Extramedullary hematopoiesis: mesenchymal stromal cells from spleen provide an in vitro niche for myelopoiesis.

Murine spleen has been shown to harbour stromal cells that support hematopoiesis with production of myeloid antigen-presenting cells. Similar stromal lines have now been isolated from long-term cultures (LTC) of human spleen. When human progenitor populations from spleen, bone marrow and cord blood were employed as a source of progenitors for co-culture above splenic stromal lines, myelopoiesis was supported.
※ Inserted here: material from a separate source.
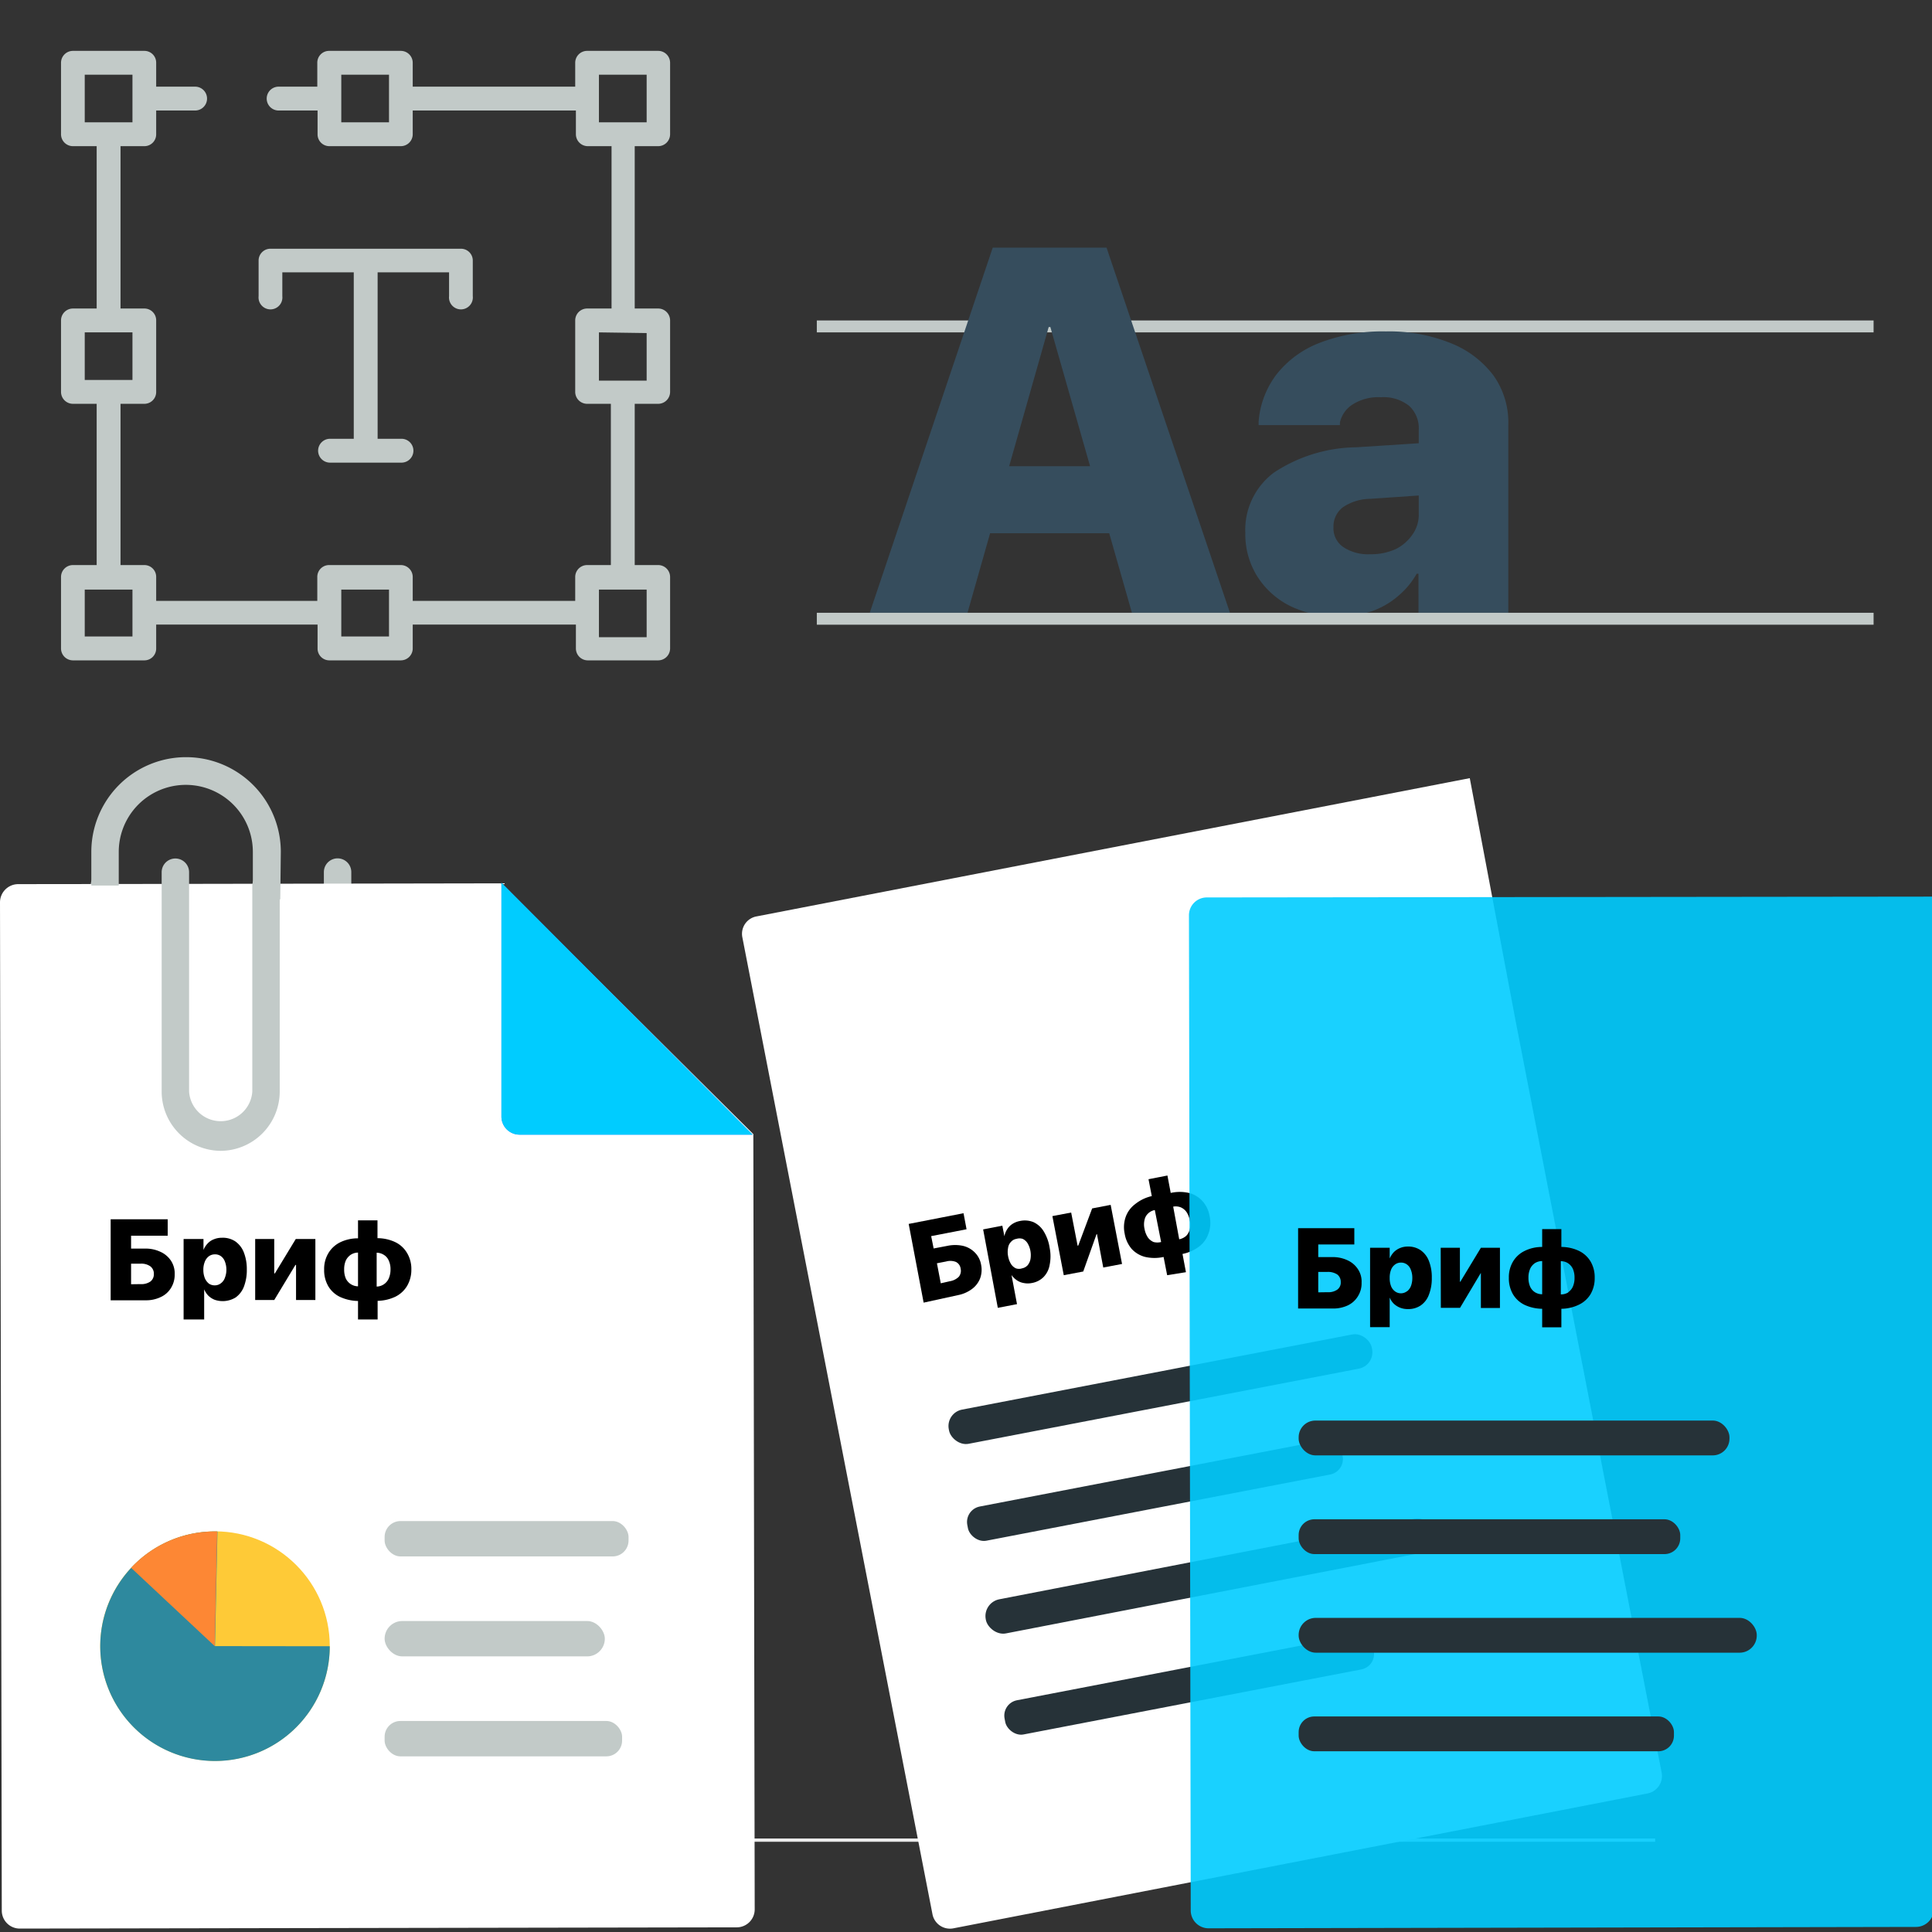 <?xml version="1.0" encoding="UTF-8"?> <svg xmlns="http://www.w3.org/2000/svg" viewBox="0 0 140.9 140.9"><rect x="0" y="0" width="140.9" height="140.9" fill="#333333" stroke="none"/> <defs> <style>.cls-1{fill:#ebebeb;}.cls-2{fill:#c2cac8;}.cls-3{fill:#364d5d;}.cls-4{fill:#fff;}.cls-5{fill:#263238;}.cls-6{opacity:0.9;}.cls-7{fill:#0cf;}.cls-8{fill:#407bff;}.cls-9{fill:#feca37;}.cls-10{fill:#2e899e;}.cls-11{fill:#fd8734;}</style> </defs> <g id="Background_Complete" data-name="Background Complete"> <rect class="cls-1" x="5.28" y="130.04" width="6.06" height="0.24"></rect> <rect class="cls-1" x="31.05" y="134.08" width="89.66" height="0.24"></rect> </g> <g id="Attached_Files" data-name="Attached Files"> <rect class="cls-2" x="59.57" y="23.37" width="77.07" height="0.87"></rect> <path class="cls-3" d="M72.4,18.06h6.24v5.79H76.48L70.56,44.69H63.43ZM70.19,34H82.92l1.51,4.89H68.67Zm6.42-10.12V18.06H80.7l9,26.63H82.55Z"></path> <path class="cls-3" d="M94.06,44.18A6,6,0,0,1,91.67,42a5.81,5.81,0,0,1-.85-3.13v0a5.21,5.21,0,0,1,2.11-4.42,11.13,11.13,0,0,1,6-1.83l8-.52v3.8l-7,.48a3.61,3.61,0,0,0-2,.62,1.75,1.75,0,0,0-.68,1.45v0A1.65,1.65,0,0,0,98,39.92a3.26,3.26,0,0,0,1.92.5,4.35,4.35,0,0,0,1.86-.37A3.23,3.23,0,0,0,103,39a2.5,2.5,0,0,0,.47-1.5V31.33a2.22,2.22,0,0,0-.7-1.73,3,3,0,0,0-2.05-.63,3.52,3.52,0,0,0-2.08.53,2.11,2.11,0,0,0-.92,1.31l0,.19H91.79l0-.24A6.49,6.49,0,0,1,93.1,27.3,7.35,7.35,0,0,1,96.25,25a12.77,12.77,0,0,1,4.83-.83,12,12,0,0,1,4.71.85,7.22,7.22,0,0,1,3.14,2.38A5.91,5.91,0,0,1,110,31V44.69h-6.55V41.84h-.13a5.93,5.93,0,0,1-1.42,1.68A5.82,5.82,0,0,1,100,44.59a7.26,7.26,0,0,1-2.39.37A7.73,7.73,0,0,1,94.06,44.18Z"></path> <path class="cls-4" d="M110.54,74.49l10.64,54.77a1.3,1.3,0,0,1-1,1.53l-50.64,9.84a1.3,1.3,0,0,1-1.53-1L54.14,68.36a1.29,1.29,0,0,1,1-1.52l52.05-10.09Z"></path> <path d="M66.27,89.26l4-.78.22,1.17-2.58.5.18.9,1-.19a2.72,2.72,0,0,1,1.14,0,1.79,1.79,0,0,1,.87.49,1.65,1.65,0,0,1,.45.88h0a1.83,1.83,0,0,1-.07,1,1.75,1.75,0,0,1-.6.78,2.48,2.48,0,0,1-1,.44L67.36,95Zm3,4.18a1.21,1.21,0,0,0,.65-.32.69.69,0,0,0,.14-.59h0a.63.63,0,0,0-.35-.5A1.13,1.13,0,0,0,69,92l-.67.13.28,1.46Z"></path> <path d="M71.7,89.66l1.4-.27.15.77h0a1.42,1.42,0,0,1,.21-.52,1.25,1.25,0,0,1,.38-.38,1.47,1.47,0,0,1,.53-.21,1.68,1.68,0,0,1,1,.08,1.72,1.72,0,0,1,.74.66A3.21,3.21,0,0,1,76.55,91h0a3.15,3.15,0,0,1,0,1.25,1.67,1.67,0,0,1-.44.88,1.58,1.58,0,0,1-.86.44,1.47,1.47,0,0,1-.59,0,1.23,1.23,0,0,1-.5-.2,1.56,1.56,0,0,1-.39-.38h0l.4,2.12-1.4.27Zm3.24,2.62a1,1,0,0,0,.21-.44,1.76,1.76,0,0,0,0-.6h0a1.66,1.66,0,0,0-.21-.57.84.84,0,0,0-.36-.32.75.75,0,0,0-.45,0,.66.66,0,0,0-.4.22.76.76,0,0,0-.21.43,1.58,1.58,0,0,0,0,.61h0a1.66,1.66,0,0,0,.21.57.84.84,0,0,0,.36.32.69.69,0,0,0,.45,0A.74.74,0,0,0,74.94,92.28Z"></path> <path d="M76.75,88.69l1.37-.26.47,2.42.68-.13-.87.75,1.25-3.34L81,87.87l.83,4.31-1.37.26L80,90l-.67.13.86-.74L79,92.73,77.58,93Z"></path> <path d="M84.86,91.67a3.09,3.09,0,0,1-1.33,0,2,2,0,0,1-1-.59,2.28,2.28,0,0,1-.51-1.12h0a2.25,2.25,0,0,1,.08-1.22,2,2,0,0,1,.68-.92A3,3,0,0,1,84,87.23L83.76,86l1.38-.27L85.38,87a3,3,0,0,1,1.32,0,2,2,0,0,1,1,.6,2.2,2.2,0,0,1,.52,1.12h0A2.26,2.26,0,0,1,88.12,90a2,2,0,0,1-.68.92,3,3,0,0,1-1.2.53l.25,1.33L85.12,93Zm-.64-3.42a.92.92,0,0,0-.49.25.87.87,0,0,0-.26.47,1.42,1.42,0,0,0,0,.65h0a1.67,1.67,0,0,0,.24.62,1,1,0,0,0,.42.34,1.12,1.12,0,0,0,.55,0Zm2.29,1.88a1.06,1.06,0,0,0,.26-.48,1.42,1.42,0,0,0,0-.65h0a1.62,1.62,0,0,0-.24-.61,1,1,0,0,0-.42-.34,1,1,0,0,0-.55-.05L86,90.38A1.09,1.09,0,0,0,86.51,90.13Z"></path> <rect class="cls-5" x="68.92" y="100.04" width="31.42" height="2.54" rx="1.22" transform="translate(-17.63 17.83) rotate(-10.9)"></rect> <rect class="cls-5" x="70.31" y="107.44" width="27.83" height="2.54" rx="1.15" transform="translate(-19.03 17.88) rotate(-10.9)"></rect> <rect class="cls-5" x="71.62" y="113.98" width="33.41" height="2.54" rx="1.25" transform="matrix(0.98, -0.19, 0.19, 0.98, -20.19, 18.78)"></rect> <rect class="cls-5" x="73.04" y="121.61" width="27.37" height="2.54" rx="1.14" transform="translate(-21.67 18.61) rotate(-10.9)"></rect> <g class="cls-6"> <path class="cls-7" d="M140.93,83.43l.1,55.8a1.3,1.3,0,0,1-1.3,1.3l-51.59.1a1.3,1.3,0,0,1-1.3-1.3l-.13-72.58A1.3,1.3,0,0,1,88,65.45l53-.06Z"></path> </g> <path d="M94.67,89.57h4.1v1.19H96.14v.92h1a2.51,2.51,0,0,1,1.13.23,1.79,1.79,0,0,1,.75.63,1.62,1.62,0,0,1,.28,1h0a1.76,1.76,0,0,1-.27,1,1.73,1.73,0,0,1-.73.66,2.51,2.51,0,0,1-1.1.23H94.67Zm2.16,4.67a1.12,1.12,0,0,0,.7-.19.63.63,0,0,0,.25-.55h0a.67.67,0,0,0-.25-.55,1.22,1.22,0,0,0-.71-.19h-.68v1.49Z"></path> <path d="M99.92,91h1.43v.78h0a1.66,1.66,0,0,1,.3-.46,1.37,1.37,0,0,1,.45-.3,1.48,1.48,0,0,1,.57-.11,1.6,1.6,0,0,1,.94.27,1.71,1.71,0,0,1,.6.78,3.23,3.23,0,0,1,.21,1.23h0a3.23,3.23,0,0,1-.21,1.23,1.63,1.63,0,0,1-.59.78,1.59,1.59,0,0,1-.93.27,1.5,1.5,0,0,1-.58-.1,1.44,1.44,0,0,1-.46-.29,1.37,1.37,0,0,1-.3-.45h0v2.16H99.92Zm2.69,3.18a.91.91,0,0,0,.29-.39,1.69,1.69,0,0,0,.1-.59h0a1.57,1.57,0,0,0-.11-.6.79.79,0,0,0-.28-.38.72.72,0,0,0-.44-.14.71.71,0,0,0-.43.14.86.86,0,0,0-.29.38,1.57,1.57,0,0,0-.1.6h0a1.57,1.57,0,0,0,.1.6.86.86,0,0,0,.29.38.71.71,0,0,0,.43.14A.72.72,0,0,0,102.61,94.17Z"></path> <path d="M105.07,91h1.4v2.48h.69l-1,.56L108,91h1.39v4.39H108V92.85h-.68l1-.56-1.84,3.09h-1.4Z"></path> <path d="M112.47,95.45a3.14,3.14,0,0,1-1.29-.29,2,2,0,0,1-.84-.77,2.3,2.3,0,0,1-.3-1.2h0a2.23,2.23,0,0,1,.3-1.18,2,2,0,0,1,.85-.78,2.84,2.84,0,0,1,1.28-.29v-1.3h1.4v1.3a3,3,0,0,1,1.29.29A2,2,0,0,1,116,92a2.26,2.26,0,0,1,.3,1.19h0a2.29,2.29,0,0,1-.3,1.19,2,2,0,0,1-.85.77,3,3,0,0,1-1.28.3V96.8h-1.4Zm0-3.48a1,1,0,0,0-.53.15,1,1,0,0,0-.35.42,1.56,1.56,0,0,0-.12.64h0a1.6,1.6,0,0,0,.12.65.94.94,0,0,0,.35.41,1,1,0,0,0,.53.15Zm1.89,2.28a1,1,0,0,0,.35-.42,1.56,1.56,0,0,0,.12-.64h0a1.6,1.6,0,0,0-.12-.65,1,1,0,0,0-.35-.41.92.92,0,0,0-.53-.15V94.4A1,1,0,0,0,114.38,94.25Z"></path> <rect class="cls-5" x="94.71" y="103.6" width="31.42" height="2.54" rx="1.22"></rect> <rect class="cls-5" x="94.71" y="110.8" width="27.83" height="2.54" rx="1.15"></rect> <rect class="cls-5" x="94.71" y="117.99" width="33.41" height="2.54" rx="1.25"></rect> <rect class="cls-5" x="94.71" y="125.18" width="27.37" height="2.54" rx="1.14"></rect> <path class="cls-2" d="M16.16,92.58A9.55,9.55,0,0,1,6.62,83V64.55a1,1,0,0,1,2,0V83a7.52,7.52,0,0,0,15,0V63.6a1,1,0,1,1,2,0V83A9.55,9.55,0,0,1,16.16,92.58Z"></path> <path class="cls-4" d="M54.94,82.71l.1,56.53a1.31,1.31,0,0,1-1.31,1.32l-52.28.09a1.31,1.31,0,0,1-1.32-1.31L0,65.8a1.33,1.33,0,0,1,1.32-1.32l35.22-.06Z"></path> <path class="cls-8" d="M36.57,64.38l0,17.05a1.32,1.32,0,0,0,1.32,1.32l17,0Z"></path> <path class="cls-7" d="M36.57,64.38l0,17.05a1.32,1.32,0,0,0,1.32,1.32l17,0Z"></path> <path class="cls-2" d="M20.44,65.59h-2V62.13a4.89,4.89,0,0,0-9.78,0v2.45h-2V62.13a6.91,6.91,0,0,1,13.82,0Z"></path> <path class="cls-2" d="M16.12,83.93a4.33,4.33,0,0,1-4.33-4.32v-16a1,1,0,1,1,2,0v16a2.31,2.31,0,0,0,4.61,0v-15a1,1,0,0,1,2,0v15A4.33,4.33,0,0,1,16.12,83.93Z"></path> <path d="M8.07,88.92h4.16v1.2H9.56v.94h1a2.51,2.51,0,0,1,1.13.23,1.81,1.81,0,0,1,.77.64,1.68,1.68,0,0,1,.28,1h0a1.82,1.82,0,0,1-.27,1,1.69,1.69,0,0,1-.74.66,2.45,2.45,0,0,1-1.11.24H8.07Zm2.19,4.73a1.15,1.15,0,0,0,.71-.19.66.66,0,0,0,.25-.55h0a.66.66,0,0,0-.26-.56,1.13,1.13,0,0,0-.71-.19H9.56v1.5Z"></path> <path d="M13.39,90.36h1.45v.8h0a1.47,1.47,0,0,1,.31-.48,1.19,1.19,0,0,1,.45-.3,1.48,1.48,0,0,1,.57-.11,1.65,1.65,0,0,1,1,.27,1.76,1.76,0,0,1,.61.79A3.34,3.34,0,0,1,18,92.58h0a3.37,3.37,0,0,1-.21,1.25,1.74,1.74,0,0,1-.6.79,1.8,1.8,0,0,1-1.54.17,1.41,1.41,0,0,1-.46-.3,1.47,1.47,0,0,1-.3-.46h0v2.2H13.39Zm2.73,3.22a.82.82,0,0,0,.28-.39,1.57,1.57,0,0,0,.11-.6h0A1.62,1.62,0,0,0,16.4,92a.84.84,0,0,0-.29-.39.72.72,0,0,0-.44-.13.74.74,0,0,0-.44.14.91.91,0,0,0-.29.39,1.53,1.53,0,0,0-.11.6h0a1.62,1.62,0,0,0,.11.61,1.05,1.05,0,0,0,.29.39.74.74,0,0,0,.44.13A.71.71,0,0,0,16.12,93.58Z"></path> <path d="M18.61,90.36H20v2.51h.7l-1,.57,1.87-3.08H23v4.45H21.59V92.25h-.7l1-.57L20,94.81H18.61Z"></path> <path d="M26.11,94.88a3.29,3.29,0,0,1-1.32-.3,2,2,0,0,1-.85-.78,2.31,2.31,0,0,1-.3-1.21h0a2.23,2.23,0,0,1,.31-1.2,2.06,2.06,0,0,1,.86-.79,2.93,2.93,0,0,1,1.3-.29V89h1.42V90.3a3.07,3.07,0,0,1,1.3.29,2,2,0,0,1,.85.78A2.25,2.25,0,0,1,30,92.58h0a2.33,2.33,0,0,1-.31,1.2,2.06,2.06,0,0,1-.86.79,3.18,3.18,0,0,1-1.29.3v1.36H26.11Zm0-3.53a1,1,0,0,0-.53.16,1.06,1.06,0,0,0-.36.42,1.6,1.6,0,0,0-.12.65h0a1.62,1.62,0,0,0,.12.66,1,1,0,0,0,.36.41,1,1,0,0,0,.53.16ZM28,93.66a1,1,0,0,0,.35-.42,1.6,1.6,0,0,0,.13-.65h0a1.5,1.5,0,0,0-.13-.66.89.89,0,0,0-.35-.41,1,1,0,0,0-.53-.16v2.47A1,1,0,0,0,28,93.66Z"></path> <circle class="cls-9" cx="15.68" cy="120.05" r="8.37"></circle> <path class="cls-10" d="M15.68,120.05l.18-8.36h-.18a8.37,8.37,0,1,0,8.37,8.37Z"></path> <path class="cls-11" d="M15.66,120.05l.18-8.36h-.18a8.35,8.35,0,0,0-6.1,2.65Z"></path> <rect class="cls-2" x="28.05" y="110.93" width="17.79" height="2.58" rx="1.16"></rect> <rect class="cls-2" x="28.05" y="125.51" width="17.32" height="2.58" rx="1.15"></rect> <rect class="cls-2" x="28.05" y="118.22" width="16.06" height="2.58" rx="1.29"></rect> <path class="cls-2" d="M48,10.66a.87.87,0,0,0,.87-.87V4.58A.87.87,0,0,0,48,3.71H42.81a.87.87,0,0,0-.86.87V6.32H30.1V4.58a.87.87,0,0,0-.87-.87H24a.86.86,0,0,0-.86.87V6.32H20.32a.87.87,0,0,0,0,1.74h2.84V9.79a.86.86,0,0,0,.86.87h5.21a.87.87,0,0,0,.87-.87V8.06H42V9.79a.87.87,0,0,0,.86.87h1.74V22.5H42.81a.87.87,0,0,0-.86.87v5.21a.87.87,0,0,0,.86.87h1.74V41.21H42.81a.87.87,0,0,0-.86.87v1.74H30.1V42.08a.87.87,0,0,0-.87-.87H24a.86.86,0,0,0-.86.87v1.74H11.39V42.08a.86.86,0,0,0-.86-.87H8.79V29.45h1.74a.86.86,0,0,0,.86-.87V23.37a.86.86,0,0,0-.86-.87H8.79V10.66h1.74a.86.86,0,0,0,.86-.87V8.06h2.84a.87.87,0,0,0,0-1.74H11.39V4.58a.86.86,0,0,0-.86-.87H5.32a.87.87,0,0,0-.87.87V9.79a.87.87,0,0,0,.87.87H7.05V22.5H5.32a.87.87,0,0,0-.87.87v5.21a.87.87,0,0,0,.87.87H7.05V41.21H5.32a.87.87,0,0,0-.87.87v5.21a.87.87,0,0,0,.87.87h5.21a.86.86,0,0,0,.86-.87V45.55H23.16v1.74a.86.86,0,0,0,.86.87h5.21a.87.87,0,0,0,.87-.87V45.55H42v1.74a.87.87,0,0,0,.86.87H48a.87.87,0,0,0,.87-.87V42.08a.87.87,0,0,0-.87-.87H46.29V29.45H48a.87.87,0,0,0,.87-.87V23.37A.87.87,0,0,0,48,22.5H46.29V10.66ZM28.37,8.92H24.89V5.45h3.48Zm-22.19,0V5.45H9.66V8.92Zm0,18.79V24.24H9.66v3.47ZM9.66,46.42H6.18V43H9.66Zm18.71,0H24.89V43h3.48ZM47.16,43v3.47H43.68V43Zm0-18.71v3.47H43.68V24.24ZM43.68,8.92V5.45h3.48V8.92Z"></path> <path class="cls-2" d="M34.48,19V21.6a.87.87,0,1,1-1.73,0V19.86H27.54V32h1.74a.87.87,0,0,1,0,1.74H24.07a.87.87,0,1,1,0-1.74H25.8V19.86H20.59V21.6a.87.87,0,1,1-1.73,0V19a.86.86,0,0,1,.87-.86H33.62A.86.86,0,0,1,34.48,19Z"></path> <rect class="cls-2" x="59.57" y="44.69" width="77.07" height="0.87"></rect> </g> </svg>

Human splenocytes gave production of predominantly myeloid dendritic-like cells, with minor subsets resembling conventional dendritic cells (cDC) cells, and myeloid or monocyte-derived DC. Human bone marrow progenitors gave rise to myelopoiesis from hematopoietic progenitors, while human cord blood supported limited myelopoiesis from existing myeloid precursors. Transcriptome analysis compared two stromal lines differing in myelopoietic support capacity. Gene profiling revealed both stromal lines to reflect perivascular reticular cells with osteogenic characteristics. However, the 5C6 stroma which failed to support hematopoiesis uniquely expressed several inhibitors of the WNT pathway. Combined data now show that splenic stroma of both human and murine origin provides a mesenchymal stromal cell microenvironment which is WNT pathway-dependent, and which supports in vitro myelopoiesis with production of specific subsets of myeloid and dendritic-like cells.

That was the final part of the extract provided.